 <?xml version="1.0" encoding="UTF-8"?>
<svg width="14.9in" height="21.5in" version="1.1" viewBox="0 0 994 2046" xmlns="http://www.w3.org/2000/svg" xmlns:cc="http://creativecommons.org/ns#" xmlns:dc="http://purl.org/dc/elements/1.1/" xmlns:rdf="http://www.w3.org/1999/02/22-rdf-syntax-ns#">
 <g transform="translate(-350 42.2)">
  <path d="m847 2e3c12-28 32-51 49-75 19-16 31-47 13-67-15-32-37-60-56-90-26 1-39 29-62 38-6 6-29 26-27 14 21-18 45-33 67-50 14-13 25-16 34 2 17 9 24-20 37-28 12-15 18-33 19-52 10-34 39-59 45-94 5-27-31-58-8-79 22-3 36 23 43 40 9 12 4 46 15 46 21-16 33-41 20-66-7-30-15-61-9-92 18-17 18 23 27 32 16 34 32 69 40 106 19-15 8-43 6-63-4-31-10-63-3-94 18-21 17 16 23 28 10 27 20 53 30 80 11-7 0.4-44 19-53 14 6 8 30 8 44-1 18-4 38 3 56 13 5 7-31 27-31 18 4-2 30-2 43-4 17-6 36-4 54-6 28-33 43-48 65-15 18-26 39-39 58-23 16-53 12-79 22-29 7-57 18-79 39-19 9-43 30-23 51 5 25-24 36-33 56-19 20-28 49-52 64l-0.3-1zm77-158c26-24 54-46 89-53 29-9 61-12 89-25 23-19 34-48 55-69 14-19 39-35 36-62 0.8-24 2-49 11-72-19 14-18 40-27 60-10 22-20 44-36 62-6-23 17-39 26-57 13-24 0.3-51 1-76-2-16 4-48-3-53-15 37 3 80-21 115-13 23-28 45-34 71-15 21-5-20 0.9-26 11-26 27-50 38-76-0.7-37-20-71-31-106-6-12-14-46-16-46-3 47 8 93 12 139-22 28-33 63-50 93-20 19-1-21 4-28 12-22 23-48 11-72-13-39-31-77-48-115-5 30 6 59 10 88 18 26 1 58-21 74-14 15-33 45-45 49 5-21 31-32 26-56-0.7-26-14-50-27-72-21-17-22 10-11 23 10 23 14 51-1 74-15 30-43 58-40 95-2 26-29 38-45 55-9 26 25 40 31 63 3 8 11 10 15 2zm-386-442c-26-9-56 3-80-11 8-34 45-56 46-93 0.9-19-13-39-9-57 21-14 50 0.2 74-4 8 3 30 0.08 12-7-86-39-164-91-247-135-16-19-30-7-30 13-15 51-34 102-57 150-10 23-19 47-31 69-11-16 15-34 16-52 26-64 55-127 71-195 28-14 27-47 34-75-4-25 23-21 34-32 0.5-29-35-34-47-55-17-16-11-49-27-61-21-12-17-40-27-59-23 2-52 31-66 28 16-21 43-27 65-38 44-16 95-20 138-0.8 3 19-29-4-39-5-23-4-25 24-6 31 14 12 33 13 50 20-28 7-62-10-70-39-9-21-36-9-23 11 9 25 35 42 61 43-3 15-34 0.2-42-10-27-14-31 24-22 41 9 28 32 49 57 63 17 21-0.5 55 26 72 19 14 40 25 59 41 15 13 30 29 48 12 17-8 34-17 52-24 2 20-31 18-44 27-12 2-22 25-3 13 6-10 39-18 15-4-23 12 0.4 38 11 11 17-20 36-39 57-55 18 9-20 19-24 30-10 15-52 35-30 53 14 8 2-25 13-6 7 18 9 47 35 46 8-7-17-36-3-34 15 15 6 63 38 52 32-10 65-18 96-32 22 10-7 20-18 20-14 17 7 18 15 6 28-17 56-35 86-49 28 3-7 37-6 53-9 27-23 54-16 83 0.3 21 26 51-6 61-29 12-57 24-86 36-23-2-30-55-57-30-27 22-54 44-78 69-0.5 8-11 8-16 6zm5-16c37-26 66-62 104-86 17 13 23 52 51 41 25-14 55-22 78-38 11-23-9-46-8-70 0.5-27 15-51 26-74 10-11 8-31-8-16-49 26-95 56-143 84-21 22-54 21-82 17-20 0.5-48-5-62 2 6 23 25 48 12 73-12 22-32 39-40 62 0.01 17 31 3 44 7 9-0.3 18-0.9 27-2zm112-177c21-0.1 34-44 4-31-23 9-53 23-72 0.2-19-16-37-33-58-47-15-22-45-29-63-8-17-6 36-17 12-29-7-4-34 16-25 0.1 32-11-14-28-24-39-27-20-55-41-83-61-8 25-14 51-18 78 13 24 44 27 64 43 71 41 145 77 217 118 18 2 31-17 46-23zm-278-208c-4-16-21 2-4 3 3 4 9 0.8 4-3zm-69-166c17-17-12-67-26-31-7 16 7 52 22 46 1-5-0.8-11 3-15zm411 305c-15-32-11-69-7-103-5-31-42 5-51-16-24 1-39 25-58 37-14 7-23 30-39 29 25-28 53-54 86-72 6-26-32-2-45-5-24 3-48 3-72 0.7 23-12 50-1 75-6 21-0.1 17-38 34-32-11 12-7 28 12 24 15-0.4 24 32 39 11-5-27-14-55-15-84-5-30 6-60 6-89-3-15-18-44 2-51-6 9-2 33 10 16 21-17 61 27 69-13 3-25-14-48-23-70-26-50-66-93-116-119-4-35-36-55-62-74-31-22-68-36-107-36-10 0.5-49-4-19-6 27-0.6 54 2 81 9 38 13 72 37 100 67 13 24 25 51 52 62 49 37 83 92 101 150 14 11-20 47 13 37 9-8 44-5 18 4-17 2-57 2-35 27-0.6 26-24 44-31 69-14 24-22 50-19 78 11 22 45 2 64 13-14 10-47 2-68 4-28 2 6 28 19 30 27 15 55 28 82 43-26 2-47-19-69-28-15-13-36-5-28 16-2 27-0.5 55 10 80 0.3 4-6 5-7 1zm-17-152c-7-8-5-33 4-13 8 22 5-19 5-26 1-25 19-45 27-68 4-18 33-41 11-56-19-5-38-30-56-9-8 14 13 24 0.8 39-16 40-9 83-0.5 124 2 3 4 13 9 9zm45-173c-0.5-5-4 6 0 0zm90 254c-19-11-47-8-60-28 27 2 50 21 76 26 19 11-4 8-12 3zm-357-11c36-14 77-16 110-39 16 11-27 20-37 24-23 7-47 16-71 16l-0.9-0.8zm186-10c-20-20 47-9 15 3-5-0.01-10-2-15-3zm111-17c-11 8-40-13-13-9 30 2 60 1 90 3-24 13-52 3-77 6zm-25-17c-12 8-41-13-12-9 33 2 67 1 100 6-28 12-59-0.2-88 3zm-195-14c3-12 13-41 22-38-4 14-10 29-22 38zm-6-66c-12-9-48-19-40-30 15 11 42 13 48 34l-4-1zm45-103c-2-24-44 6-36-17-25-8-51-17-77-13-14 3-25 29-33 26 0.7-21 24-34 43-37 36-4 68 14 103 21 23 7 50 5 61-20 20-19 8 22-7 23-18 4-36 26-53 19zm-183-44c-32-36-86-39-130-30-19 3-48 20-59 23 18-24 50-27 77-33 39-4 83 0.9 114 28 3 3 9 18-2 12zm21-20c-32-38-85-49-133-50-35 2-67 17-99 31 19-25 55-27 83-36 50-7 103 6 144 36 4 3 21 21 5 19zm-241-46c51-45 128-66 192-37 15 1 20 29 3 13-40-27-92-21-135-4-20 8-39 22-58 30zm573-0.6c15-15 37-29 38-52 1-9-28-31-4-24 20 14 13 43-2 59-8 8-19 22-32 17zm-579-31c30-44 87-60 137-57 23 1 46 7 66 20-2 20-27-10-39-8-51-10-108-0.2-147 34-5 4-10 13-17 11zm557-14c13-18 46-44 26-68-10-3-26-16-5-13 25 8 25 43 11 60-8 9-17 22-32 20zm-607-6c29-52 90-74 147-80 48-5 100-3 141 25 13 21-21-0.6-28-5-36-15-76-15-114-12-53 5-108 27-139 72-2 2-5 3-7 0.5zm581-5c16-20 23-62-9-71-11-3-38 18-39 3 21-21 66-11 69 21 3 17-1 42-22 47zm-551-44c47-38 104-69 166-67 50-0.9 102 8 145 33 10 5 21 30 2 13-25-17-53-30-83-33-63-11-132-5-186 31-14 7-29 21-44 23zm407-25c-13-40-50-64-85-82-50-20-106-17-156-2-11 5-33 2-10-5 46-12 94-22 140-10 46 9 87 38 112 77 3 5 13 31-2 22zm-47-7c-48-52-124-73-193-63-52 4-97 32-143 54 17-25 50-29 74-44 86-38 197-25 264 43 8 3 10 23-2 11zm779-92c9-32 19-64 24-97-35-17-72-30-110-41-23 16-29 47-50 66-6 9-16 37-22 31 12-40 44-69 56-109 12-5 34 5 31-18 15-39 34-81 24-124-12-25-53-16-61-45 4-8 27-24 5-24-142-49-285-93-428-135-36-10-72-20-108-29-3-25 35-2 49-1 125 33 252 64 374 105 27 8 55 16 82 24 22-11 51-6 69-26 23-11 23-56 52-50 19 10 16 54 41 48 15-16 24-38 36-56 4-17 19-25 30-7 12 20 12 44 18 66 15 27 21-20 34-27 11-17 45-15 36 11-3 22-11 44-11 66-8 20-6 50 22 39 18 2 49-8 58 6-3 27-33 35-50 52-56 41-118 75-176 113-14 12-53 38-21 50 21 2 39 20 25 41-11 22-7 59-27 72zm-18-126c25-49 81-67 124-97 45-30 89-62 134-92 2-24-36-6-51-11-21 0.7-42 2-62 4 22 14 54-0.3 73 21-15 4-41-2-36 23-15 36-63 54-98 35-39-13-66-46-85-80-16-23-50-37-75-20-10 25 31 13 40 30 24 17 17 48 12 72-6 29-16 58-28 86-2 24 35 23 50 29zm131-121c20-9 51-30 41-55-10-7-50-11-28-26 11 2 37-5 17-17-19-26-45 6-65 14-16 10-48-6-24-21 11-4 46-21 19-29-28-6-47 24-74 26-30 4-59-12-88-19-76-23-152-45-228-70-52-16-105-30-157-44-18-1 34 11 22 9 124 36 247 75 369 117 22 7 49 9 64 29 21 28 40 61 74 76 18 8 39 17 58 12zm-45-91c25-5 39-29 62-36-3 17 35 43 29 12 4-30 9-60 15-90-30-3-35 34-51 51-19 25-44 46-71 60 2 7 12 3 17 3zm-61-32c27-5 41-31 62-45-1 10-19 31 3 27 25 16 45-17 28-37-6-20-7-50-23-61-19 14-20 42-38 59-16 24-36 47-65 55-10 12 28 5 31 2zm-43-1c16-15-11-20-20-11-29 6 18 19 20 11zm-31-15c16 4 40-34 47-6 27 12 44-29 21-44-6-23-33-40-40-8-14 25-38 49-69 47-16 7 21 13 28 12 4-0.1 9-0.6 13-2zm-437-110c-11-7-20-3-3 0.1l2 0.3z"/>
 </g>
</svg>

☆ ☆ ☆ ☆

Exercise goal: The lines to show are those in the data above that include "version".

Exercise response:
 <?xml version="1.0" encoding="UTF-8"?>
<svg width="14.9in" height="21.5in" version="1.1" viewBox="0 0 994 2046" xmlns="http://www.w3.org/2000/svg" xmlns:cc="http://creativecommons.org/ns#" xmlns:dc="http://purl.org/dc/elements/1.1/" xmlns:rdf="http://www.w3.org/1999/02/22-rdf-syntax-ns#">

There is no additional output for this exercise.